I recently started to learn how to construct Snakemake pipelines this past week. There is still much for me to learn, but I was able to successfully put together a Snakefile, that will:
download the 16S rRNA reference database from the Genome Taxonomy Database (GTDB),
extract a couple of variable regions (only V4, V3V4 for now, I'll add others)
dereplicate the sequence and taxonomy data for full-length and variable regions
train a naive bayes taxonomy classifiers for all of them.
As outlined via this DAG:
Would this be something useful to aide in generating premade classifiers for each QIIME 2 release? Anyone interested in helping me streamline these Snakemake pipelines? I figure, these Snakemake pipelines would be useful to upload to the RESCRIPt repo too.
Hey @SoilRotifer , @lina-kim and @cmatzoros have been making similar pipelines with nextflow. We had planned to set up a RESCRIPt pipeline as well, but if you want to collaborate with us on this part that would be great.
I have wanted to do this for a long time with RESCRIPt to replace the current classifier training workflows.
I have a few upcoming projects, that will require leveraging both snakemake and nextflow.
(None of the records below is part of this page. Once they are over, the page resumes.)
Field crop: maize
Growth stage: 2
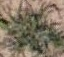
Species: salsola
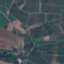
Land use / land cover: PermanentCrop
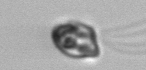
Label: flagellate_morphotype1
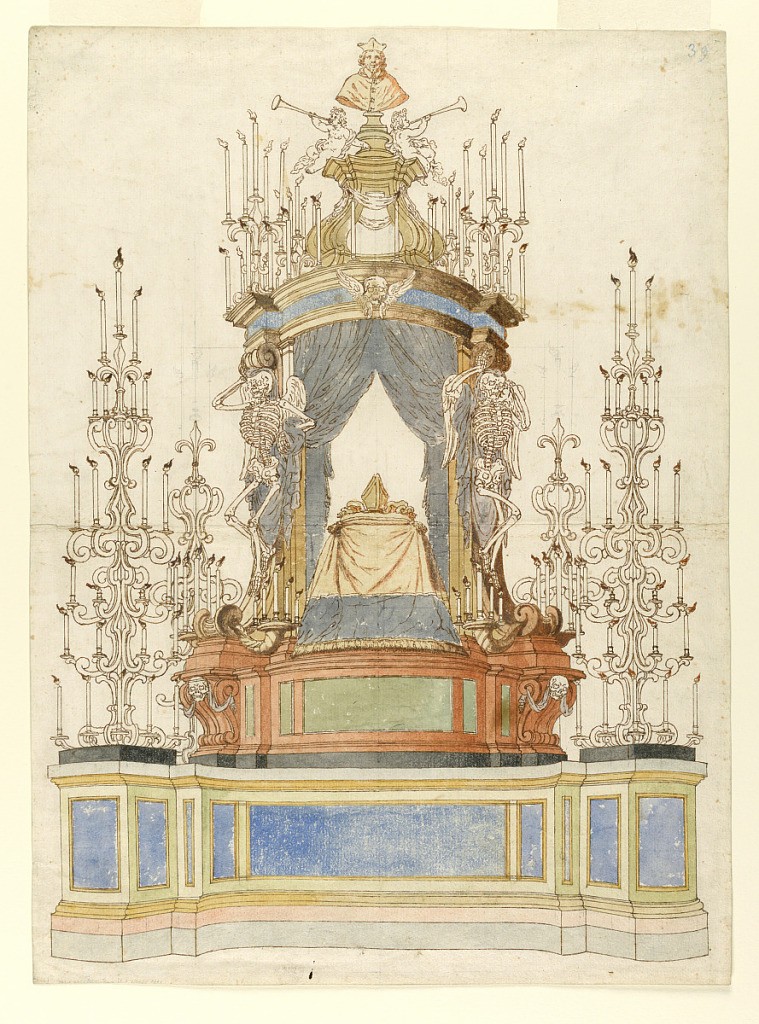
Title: Catafalque of Giorgio Bolognetti, Bishop of Rieti
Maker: Sebastiano Cipriani, Italian, 1660 - 1740
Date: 1686
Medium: Pen and brown ink, watercolor, black chalk on laid paper
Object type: Drawing
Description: A baldachino mounted on a raised platform between two large candelabra, ornamented with fleur-de-lis, holding lit candles.
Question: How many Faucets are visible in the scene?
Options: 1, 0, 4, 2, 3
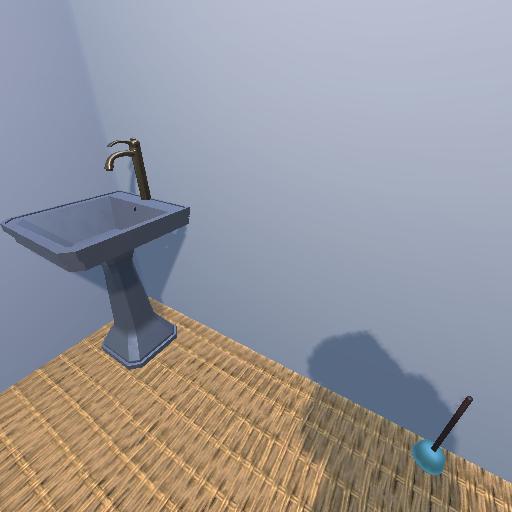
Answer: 1
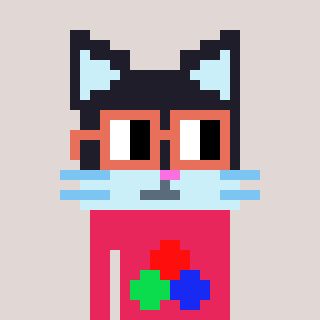
a pixel art character with square orange glasses, a cat-shaped head and a redpinkish-colored body on a warm background
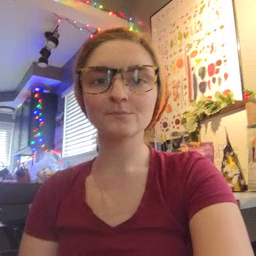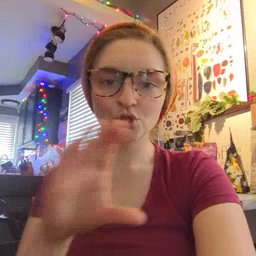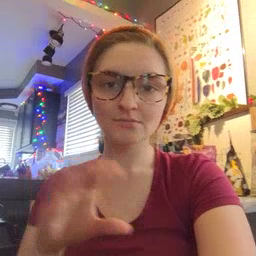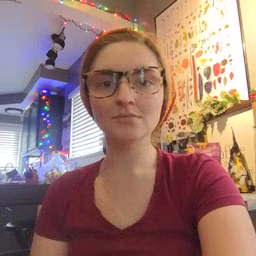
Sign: chocolate
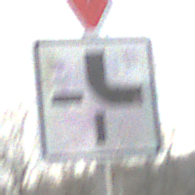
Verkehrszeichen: VerlaufVorfahrtsstrasse4
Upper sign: VorfahrtGewaehren
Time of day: MorningAfternoon
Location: Outdoor (Nature)
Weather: PartlyCloudy
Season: Autumn
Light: Natural
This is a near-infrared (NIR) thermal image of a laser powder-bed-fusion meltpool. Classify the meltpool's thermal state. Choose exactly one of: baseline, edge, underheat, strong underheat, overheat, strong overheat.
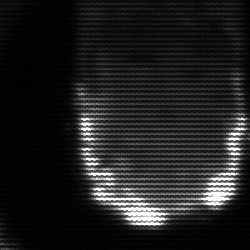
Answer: strong underheat
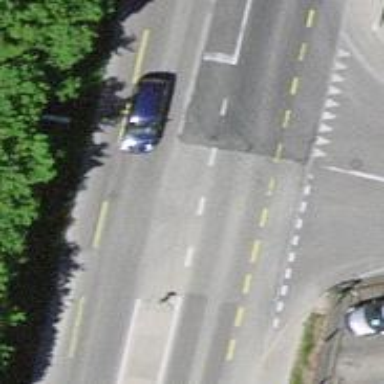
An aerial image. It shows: Primary highway with dedicated lane for cyclists.
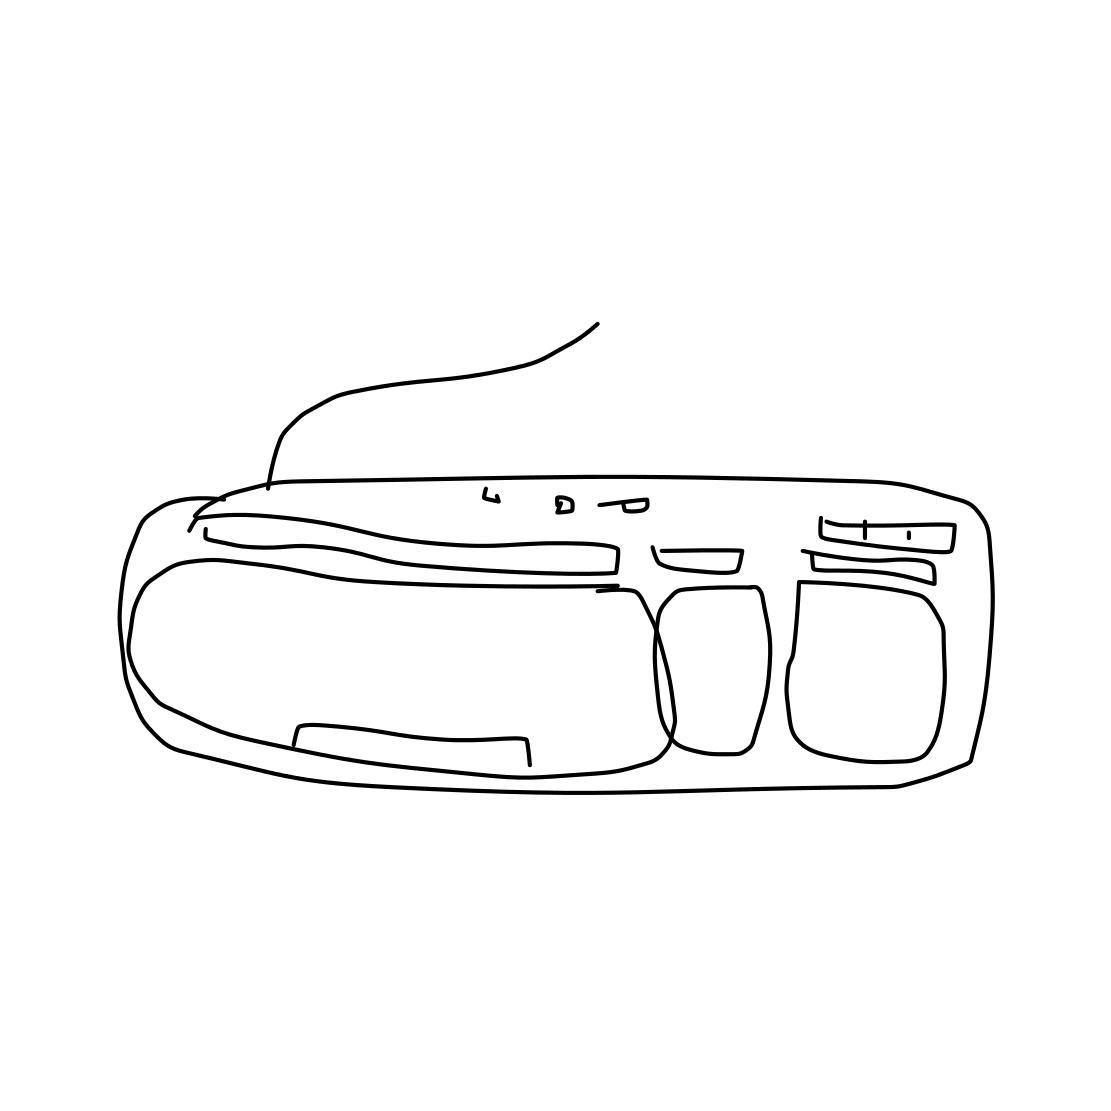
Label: keyboard
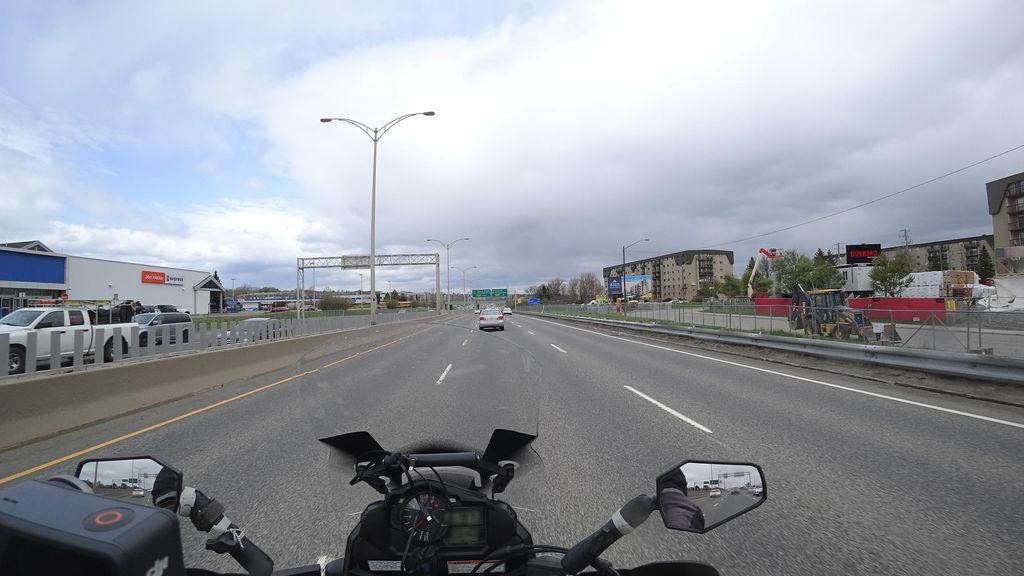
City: quebec_city

So, I figured I'd start teaching myself via RESCRIPt.
Anyway, I figure that I can start putting together the snakemake pipelines for our most common use cases, i.e. SILVA, UNITE, GTDB, etc... then progress into the more complicated pipelines that leverage pulling from GenBank, extract-seq-segments, etc...
Should I start a separate github repo for these, for now? Or do you have a place in mind? Or I can start a DropBox to share too...
What a great plan, thanks @SoilRotifer for getting started! Yes, it would play so nicely with the Nextflow workflow @cmatzoros and I have been building.
Separate GitHub repo is a good start, we currently have our own (hopefully modular) structure in place. I'll follow up with more details via DM.
I might be sending a bunch of snakemake questions your way. Although I have a few of these pipelines producing output, they could certainly be cleaned up a bit and be more generalizable. Thinking about how to structure filenames and wildcards is surely a mental exercise!
Snakemake sounds intriguing. I have been putting together a workflow for some data and I have ended up with a bash script which encompasses every step after QC (which is done separately).
What are the advantages of using Snakemake vs compiling your own script?
Hi @Mike_Stevenson, I've abandoned snakemake and am now using NextFlow. I have a private github repo that works to construct RDP, GTDB, and SILVA classifiers for the full length and several amplicon regions. It works, I just need to better organize the outputs. I'll be adding UNITE soon.
These workflows automate handling many steps for you with minimal code. Also, is quite reproducible with conda environments, job sumissions (i.e. slurm, etc...), I hope to implement these at some point.